PROMPT: An exact copy of the data below is needed; please leave out any pictures.

INPUT FOR THIS TASK:
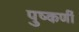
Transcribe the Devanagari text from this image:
पुष्कर्णी
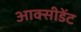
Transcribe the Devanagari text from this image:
आक्सीडेंट
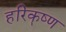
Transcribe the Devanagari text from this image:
हरिकॄष्ण
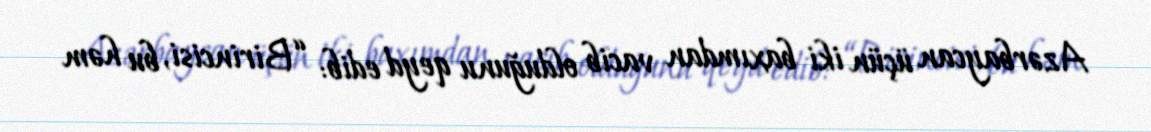
Azərbaycan üçün iki baxımdan vacib olduğunu qeyd edib: “Birincisi, bu həm
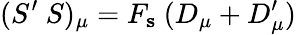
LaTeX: (S^{\prime}~S)_{\mu}=F_{\mathbf s}~(D_{\mu}+D_{\mu}^{\prime})
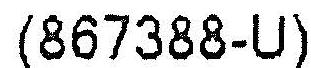
(867388-U)
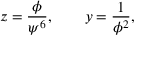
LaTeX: z = \frac { \phi } { \psi ^ { 6 } } , \quad \quad y = \frac 1 { \phi ^ { 2 } } ,
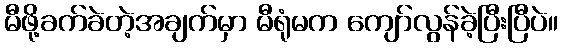
မီဖို့ခက်ခဲတဲ့အချက်မှာ မီရုံမက ကျော်လွန်ခဲ့ပြီးပြီပဲ။
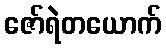
ဇော်ရဲတယောက်
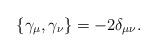
LaTeX: \begin{align*} \{\gamma_\mu,\gamma_\nu\}=-2\delta_{\mu\nu}.\end{align*}
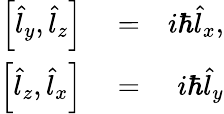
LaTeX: \begin{array}{rlr}{\left[\hat{l}_{y},\hat{l}_{z}\right]}&{{}=}&{i\hbar\hat{l}_{x},}\\ {\left[\hat{l}_{z},\hat{l}_{x}\right]}&{{}=}&{i\hbar\hat{l}_{y}}\end{array}
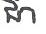
ជា
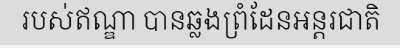
របស់ឥណ្ឌា បានឆ្លងព្រំដែនអន្តរជាតិ
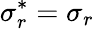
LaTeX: \sigma_{r}^{*}=\sigma_{r}
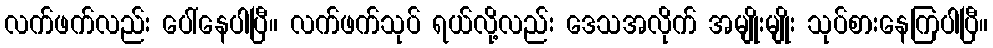
လက်ဖက်လည်း ပေါ်နေပါပြီ။ လက်ဖက်သုပ် ရယ်လို့လည်း ဒေသအလိုက် အမျိုးမျိုး သုပ်စားနေကြပါပြီ။
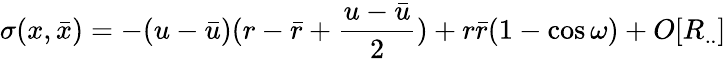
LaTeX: \sigma(x,{\bar{x}})=-(u-{\bar{u}})(r-{\bar{r}}+\frac{u-{\bar{u}}}{2})+r{\bar{r}}(1-\cos\omega)+O[R_{..}]
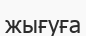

EXERCISE ANSWER:
Transcribe the Devanagari text from this image:
पुष्कर्णी
Transcribe the Devanagari text from this image:
आक्सीडेंट
Transcribe the Devanagari text from this image:
हरिकॄष्ण
Azərbaycan üçün iki baxımdan vacib olduğunu qeyd edib: “Birincisi, bu həm
LaTeX: (S^{\prime}~S)_{\mu}=F_{\mathbf s}~(D_{\mu}+D_{\mu}^{\prime})
(867388-U)
LaTeX: z = \frac { \phi } { \psi ^ { 6 } } , \quad \quad y = \frac 1 { \phi ^ { 2 } } ,
မီဖို့ခက်ခဲတဲ့အချက်မှာ မီရုံမက ကျော်လွန်ခဲ့ပြီးပြီပဲ။
ဇော်ရဲတယောက်
LaTeX: \begin{align*} \{\gamma_\mu,\gamma_\nu\}=-2\delta_{\mu\nu}.\end{align*}
LaTeX: \begin{array}{rlr}{\left[\hat{l}_{y},\hat{l}_{z}\right]}&{{}=}&{i\hbar\hat{l}_{x},}\\ {\left[\hat{l}_{z},\hat{l}_{x}\right]}&{{}=}&{i\hbar\hat{l}_{y}}\end{array}
ជា
របស់ឥណ្ឌា បានឆ្លងព្រំដែនអន្តរជាតិ
LaTeX: \sigma_{r}^{*}=\sigma_{r}
လက်ဖက်လည်း ပေါ်နေပါပြီ။ လက်ဖက်သုပ် ရယ်လို့လည်း ဒေသအလိုက် အမျိုးမျိုး သုပ်စားနေကြပါပြီ။
LaTeX: \sigma(x,{\bar{x}})=-(u-{\bar{u}})(r-{\bar{r}}+\frac{u-{\bar{u}}}{2})+r{\bar{r}}(1-\cos\omega)+O[R_{..}]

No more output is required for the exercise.